> Task goal: Since only part of the material below is wanted, output exactly the lines from the one with "Q: Is the text bold? A: Yes." up to and including the one with "Q: Is the spacing between lines".

[Data for this task Boundary: Start]

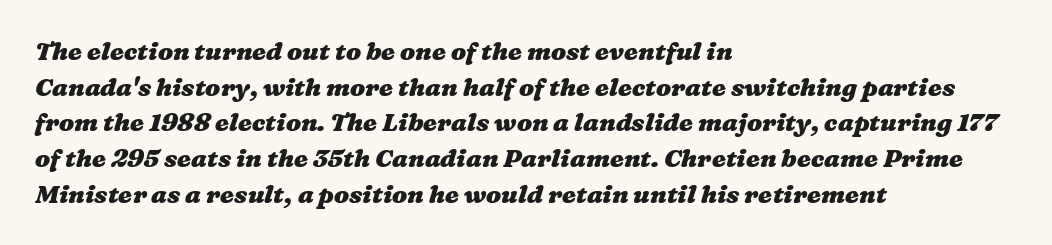
The image shows 25 px bold type; set left-aligned, normal line spacing (1.43x), normal letter spacing, not underlined.
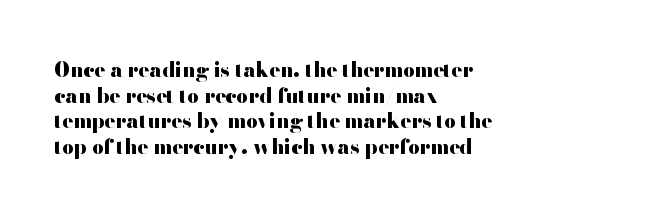
Q: Is the text bold? A: Yes.
Q: Is the text italic (slanted)? A: No, it is upright.
Q: Is the text underlined? A: No.
Q: How is the paragraph aligned? A: Left-aligned.
Q: Is the spacing between letters normal or unusually wide? A: Normal.
Q: Is the spacing between lines tight, normal or loose? A: Normal.
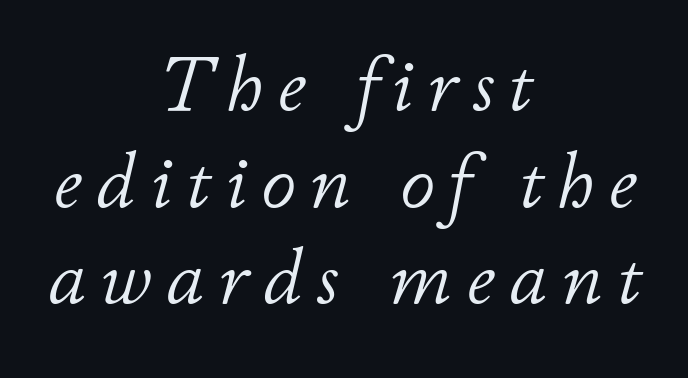
{"italic": "yes", "lean": "right", "slant_degrees": 11, "bold": "no", "weight": "light", "width": "normal", "stroke_contrast": "low", "x_height": "small", "monospaced": "no", "underline": "no", "align": "center", "line_spacing_ratio": 1.24, "glyph_px": 78}

[Data for this task Boundary: End]

> Exercise solution:
Q: Is the text bold? A: Yes.
Q: Is the text italic (slanted)? A: No, it is upright.
Q: Is the text underlined? A: No.
Q: How is the paragraph aligned? A: Left-aligned.
Q: Is the spacing between letters normal or unusually wide? A: Normal.
Q: Is the spacing between lines tight, normal or loose? A: Normal.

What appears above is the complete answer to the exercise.